The environments of Dear Esther are dark and foreboding, but hardly repulsive. Your character carries a flashlight for exploring the numerous wrecks and ruins you're bound to stumble across. At the beginning of the game, you're prompted to explore an old lighthouse, which initially set my hairs on end. The interior environments are detailed with the debris of habitation and damage from storms.

Though they carry the chill of a horror game, Dear Esther's environments are simply abandoned.
The exterior environments similarly hint at past habitation. You walk past minutely detailed scenes, such as a pile of barnacle-encrusted lobster traps, as well as rows of old fence lines and ancient pasture walls.

Dear Esther is nothing if not wide open.
Throughout the game, the player encounters messages written in a teal, phosphorescent paint that allude to Biblical passages. The character himself makes frequent reference to "Damascus lost" while talking about the loss of Esther. My favorite part of the game was the third chapter, in which the man must explore a series of brilliantly lit caverns that are ridiculously detailed. One cavern contained hundreds of stalactites, and another was a massive waterfall cave. To me, this was the most contemplative part of the journey. When visuals can reinforce that feeling, they shore up a leaky narrative or add to a strong one.

Exploring the caverns was my favorite part of Dear Esther.
Jessica Curry, who is perhaps the gaming world's best-known indie composer, scored a haunting and solitary game with complementary sounds. Slow, sharp violins and wistful piano ballads abound, while the cavern sections carried the sound of wind as well as low, mournful singing. She is to be commended for so excellently matching a game's soundtrack to its appearance and premise.

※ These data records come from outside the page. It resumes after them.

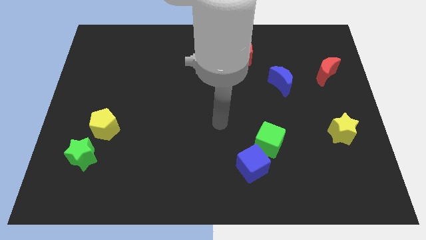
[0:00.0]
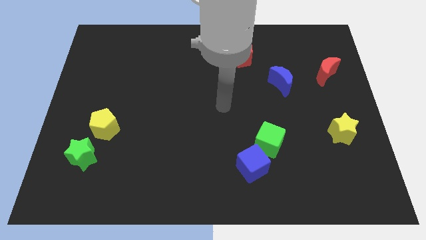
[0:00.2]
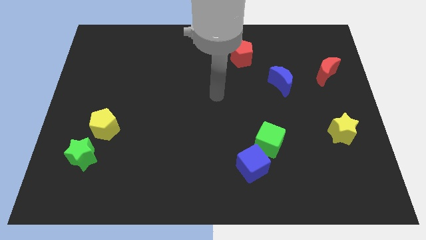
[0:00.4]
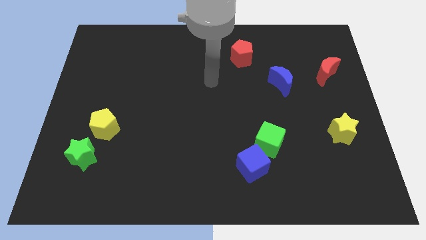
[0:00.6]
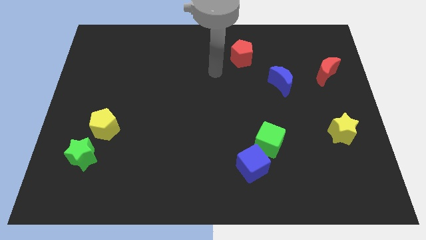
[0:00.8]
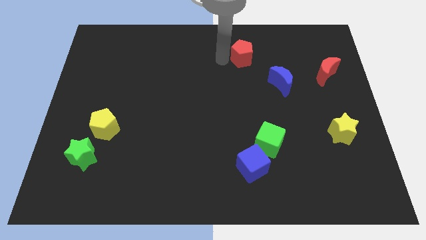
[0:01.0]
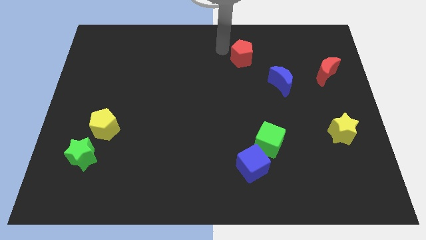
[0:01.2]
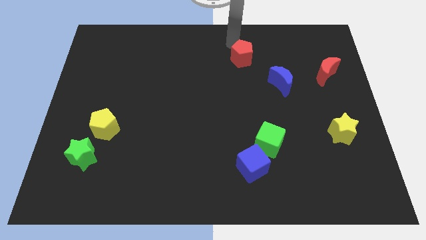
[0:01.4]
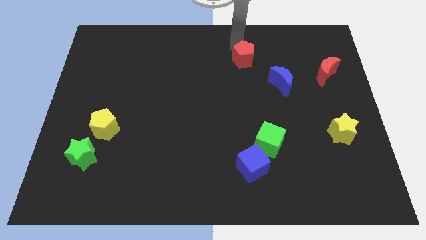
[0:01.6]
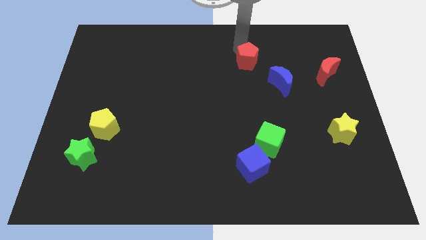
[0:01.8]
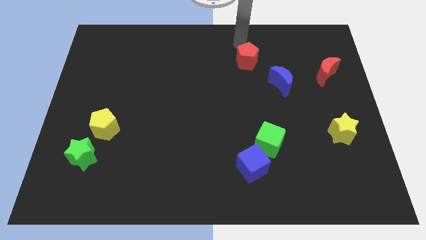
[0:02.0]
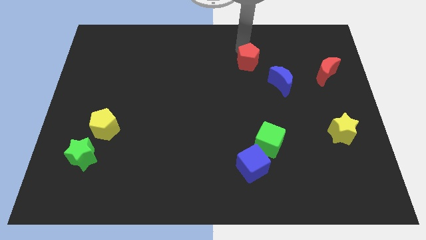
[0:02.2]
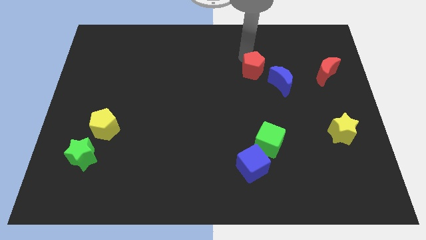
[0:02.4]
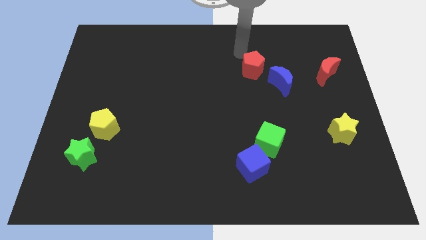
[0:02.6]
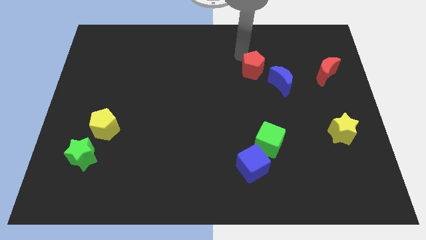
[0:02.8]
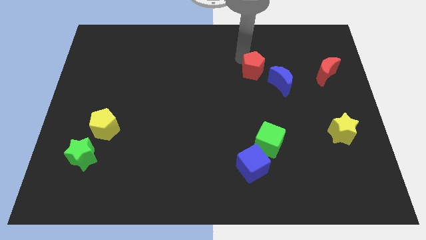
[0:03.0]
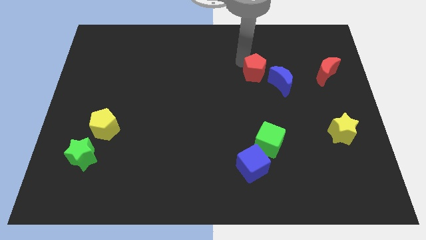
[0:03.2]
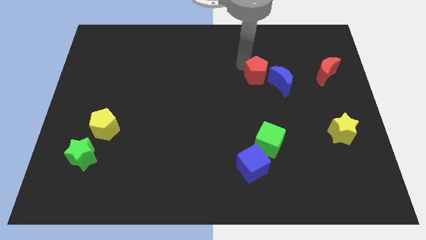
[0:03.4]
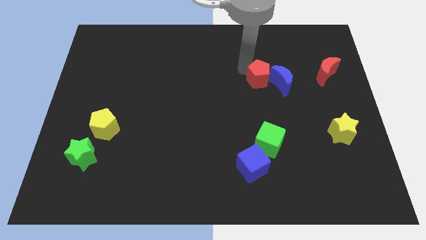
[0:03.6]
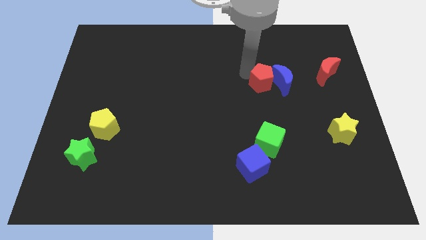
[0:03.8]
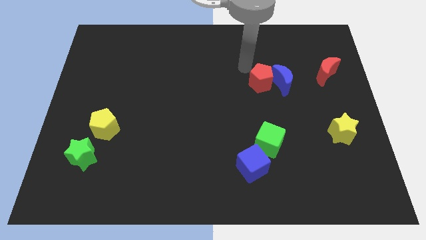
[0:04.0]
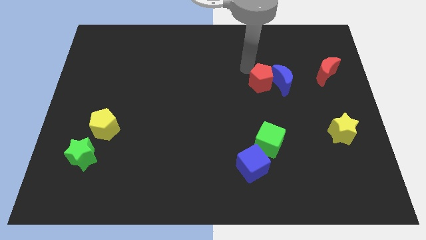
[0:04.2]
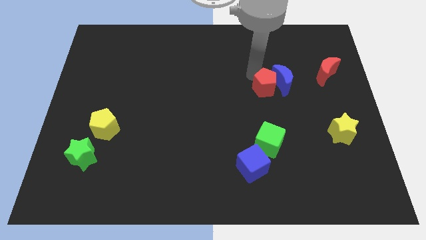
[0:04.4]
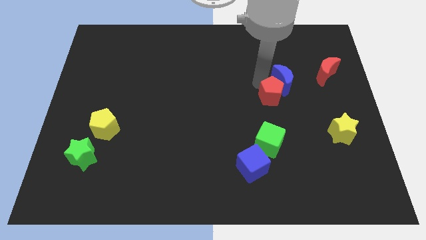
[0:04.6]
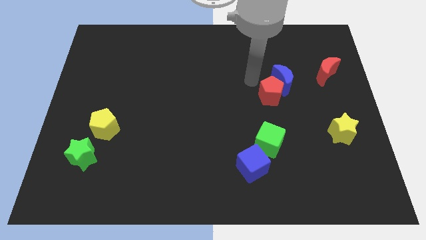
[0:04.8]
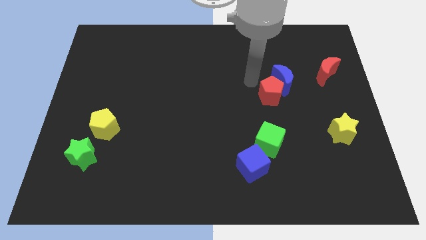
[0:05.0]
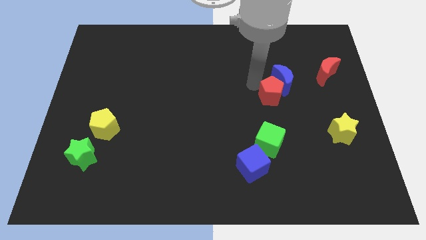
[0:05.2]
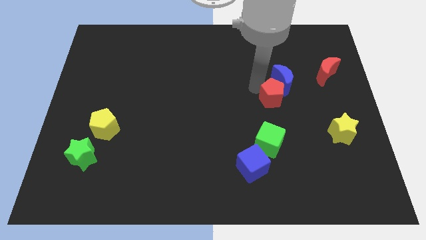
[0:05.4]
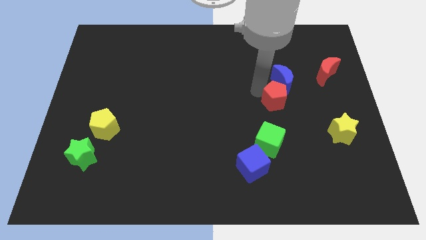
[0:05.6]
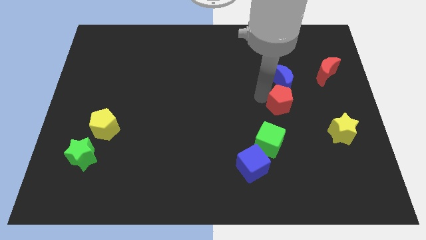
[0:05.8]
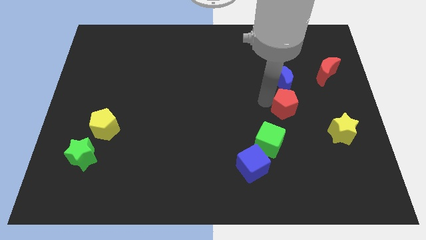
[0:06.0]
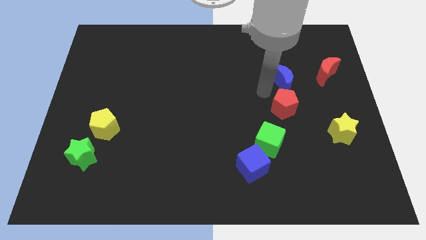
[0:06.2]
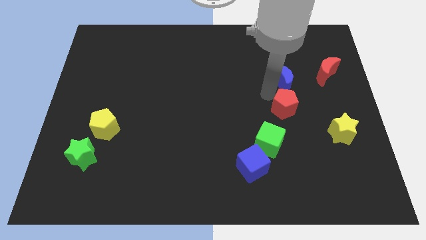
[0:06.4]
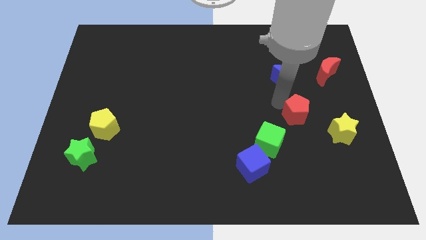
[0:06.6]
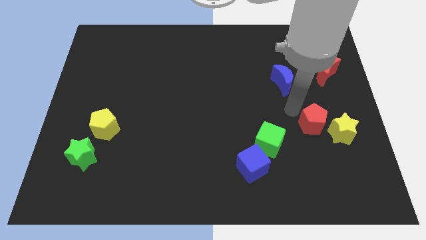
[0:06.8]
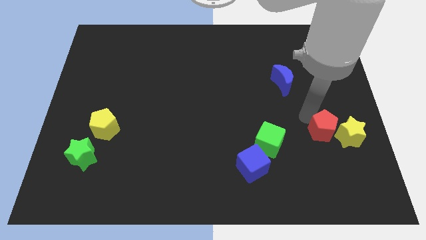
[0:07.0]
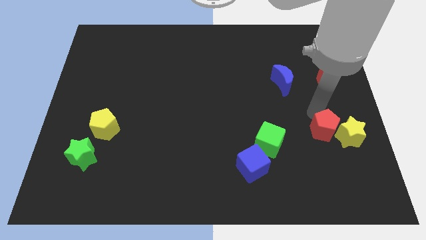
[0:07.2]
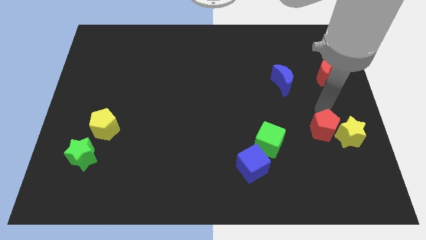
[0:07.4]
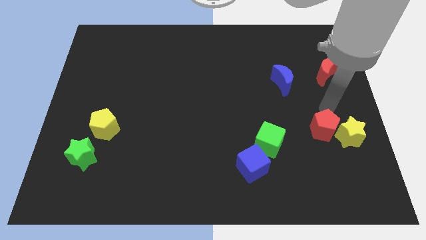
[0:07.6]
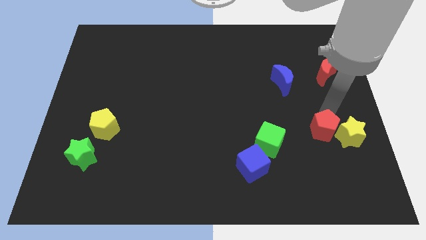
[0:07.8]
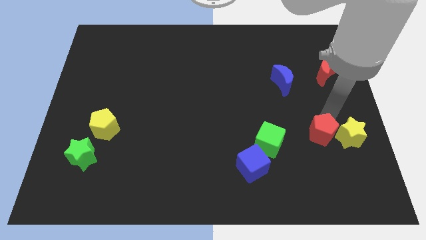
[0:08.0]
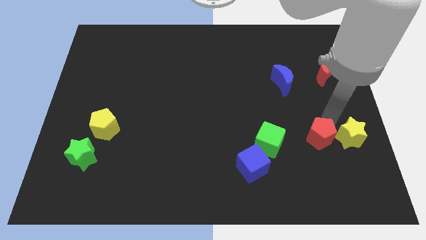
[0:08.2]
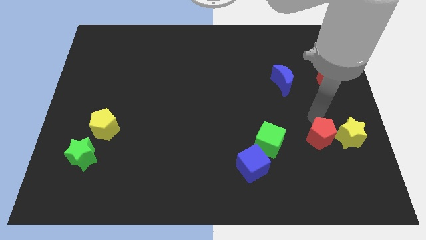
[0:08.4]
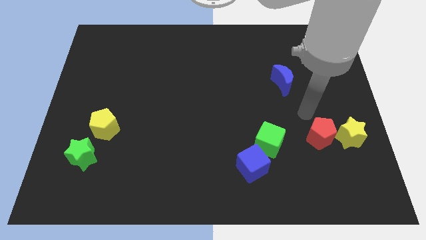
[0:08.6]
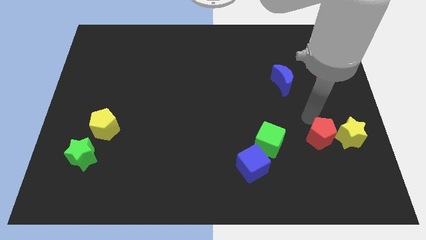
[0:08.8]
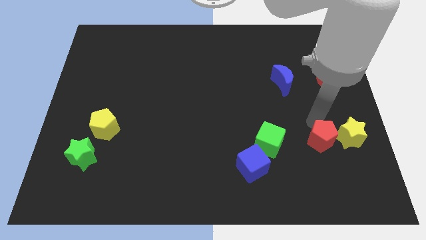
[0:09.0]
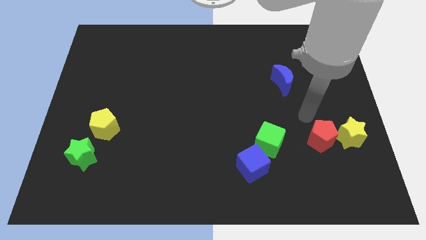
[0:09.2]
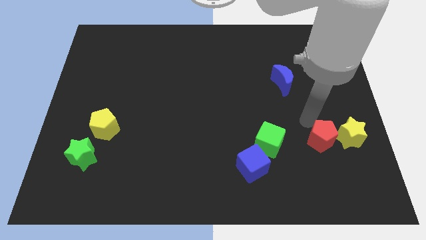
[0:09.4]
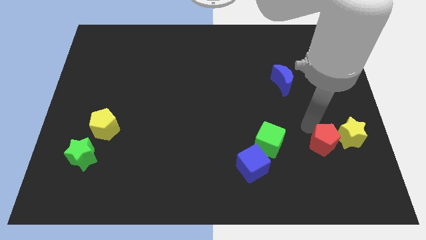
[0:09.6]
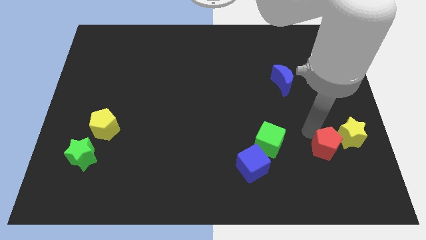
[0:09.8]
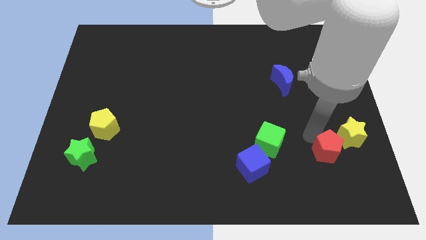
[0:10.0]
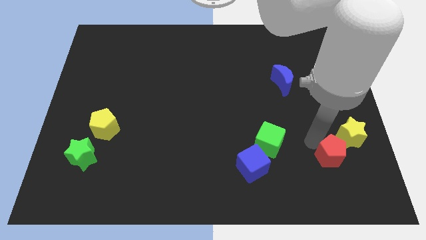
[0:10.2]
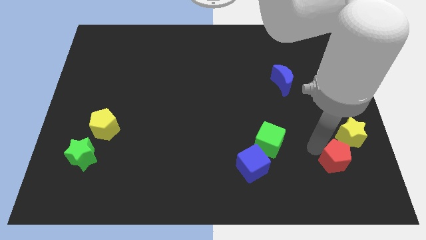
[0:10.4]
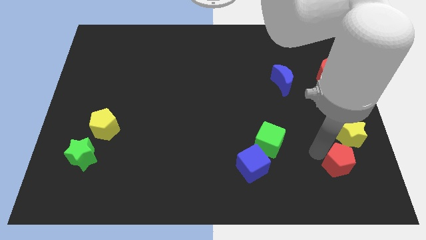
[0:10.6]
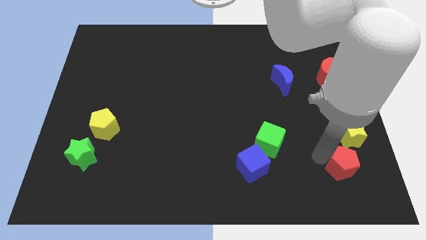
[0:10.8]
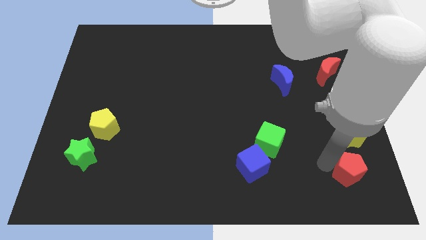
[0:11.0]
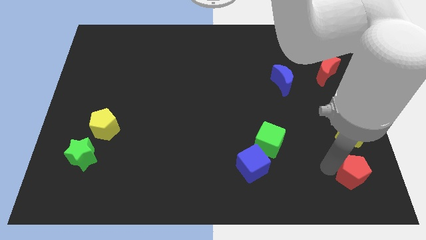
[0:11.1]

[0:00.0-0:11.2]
move the red pentagon to the lower right corner

Though the visuals are beautiful and well-done, the level design isn't great. I got turned around about five times throughout Dear Esther and spent a half-hour looking for a cleverly-disguised staircase or a little passage I'd missed. The path construction in this game felt a little jumbled and confusing. I think this was the level designer's attempt at creating a truly open world, but in some places it felt too excited and all over the place.

That is the sneakiest staircase I have ever seen.
But, I'm willing to be merciful. Dear Esther was a therapeutic piece of artwork that stirred me as moving pieces of music or books do. When it was first released, the gaming world debated whether pure exploration can carry an entire game, and I argue that it can. I think that an interactive artwork with a visuals and story, never mind how said visuals and story are represented, is a game. Besides, action sequences wouldn't have worked for a contemplative, exploratory game such as this. Dear Esther is a game. A good game.

Should I get it?

Dear Esther is not for those of you with five-millisecond boredom thresholds, but I recommend it for anyone interested in a poetic narrative. The only skills you need to play this game are some aptitude with the WASD keyboard configuration and the ability to hold down the Q button, so it's quite open to anyone. I found Dear Esther on Steam for $10 and it took me about two hours to complete the first time around. I know I complained about the interchangeable story, but in retrospect such a feature ups its replay value. Dear Esther is not a perfect game, but it's a strong argument for video games being art.

1 comment:

  1. Great review. I loved the game, an found myself compiling a list of all the reoccurring themes like the gulls, the number 21 and the biblical allusions to Paul the Apostle's journey to Damascus.